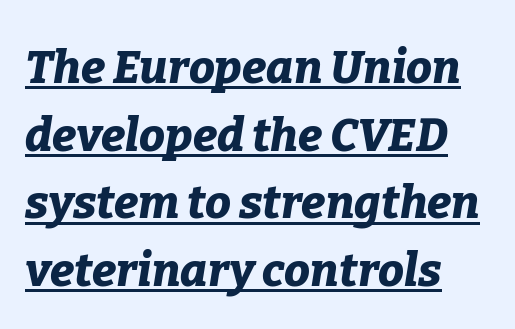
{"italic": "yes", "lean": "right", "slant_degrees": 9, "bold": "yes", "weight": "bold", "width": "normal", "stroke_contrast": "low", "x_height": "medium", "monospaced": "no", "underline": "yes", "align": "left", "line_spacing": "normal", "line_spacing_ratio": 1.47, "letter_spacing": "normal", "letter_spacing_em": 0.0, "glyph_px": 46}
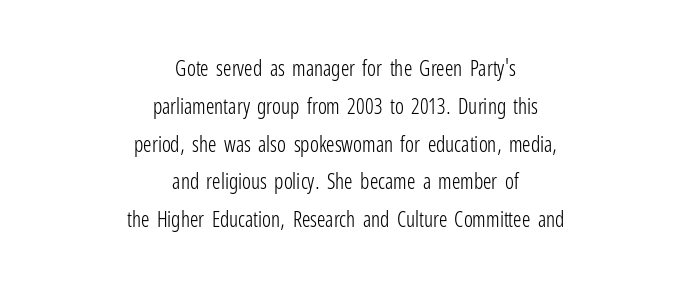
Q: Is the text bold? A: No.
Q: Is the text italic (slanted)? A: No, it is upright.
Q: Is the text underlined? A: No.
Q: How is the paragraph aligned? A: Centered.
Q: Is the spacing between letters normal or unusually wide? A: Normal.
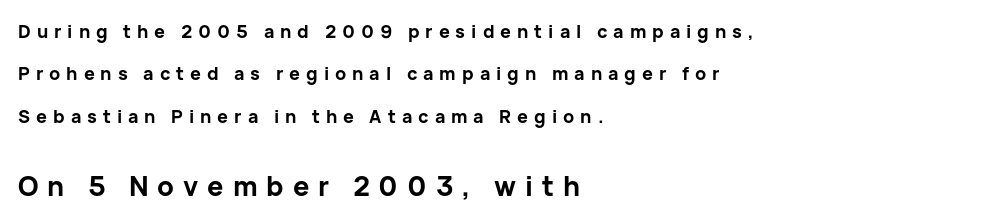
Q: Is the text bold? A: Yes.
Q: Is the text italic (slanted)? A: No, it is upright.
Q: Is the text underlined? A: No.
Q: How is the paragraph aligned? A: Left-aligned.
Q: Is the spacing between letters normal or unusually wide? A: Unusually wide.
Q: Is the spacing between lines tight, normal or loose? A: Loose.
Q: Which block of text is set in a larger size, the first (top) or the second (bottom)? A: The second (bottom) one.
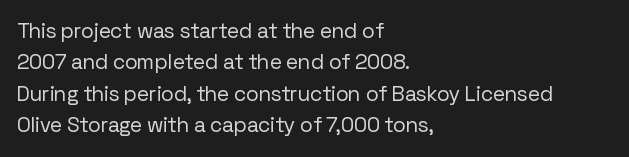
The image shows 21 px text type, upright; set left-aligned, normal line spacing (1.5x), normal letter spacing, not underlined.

What is required — Print exactly the lines from the first line of the records above through the line containing "Q: How is the paragraph aligned? A: Left-aligned.", both included, and leave the pictures out.

Solution to the problem —
{"italic": "yes", "lean": "right", "slant_degrees": 9, "bold": "yes", "weight": "bold", "width": "normal", "stroke_contrast": "low", "x_height": "medium", "monospaced": "no", "underline": "yes", "align": "left", "line_spacing": "normal", "line_spacing_ratio": 1.47, "letter_spacing": "normal", "letter_spacing_em": 0.0, "glyph_px": 46}
Q: Is the text bold? A: No.
Q: Is the text italic (slanted)? A: No, it is upright.
Q: Is the text underlined? A: No.
Q: How is the paragraph aligned? A: Centered.
Q: Is the spacing between letters normal or unusually wide? A: Normal.
Q: Is the text bold? A: Yes.
Q: Is the text italic (slanted)? A: No, it is upright.
Q: Is the text underlined? A: No.
Q: How is the paragraph aligned? A: Left-aligned.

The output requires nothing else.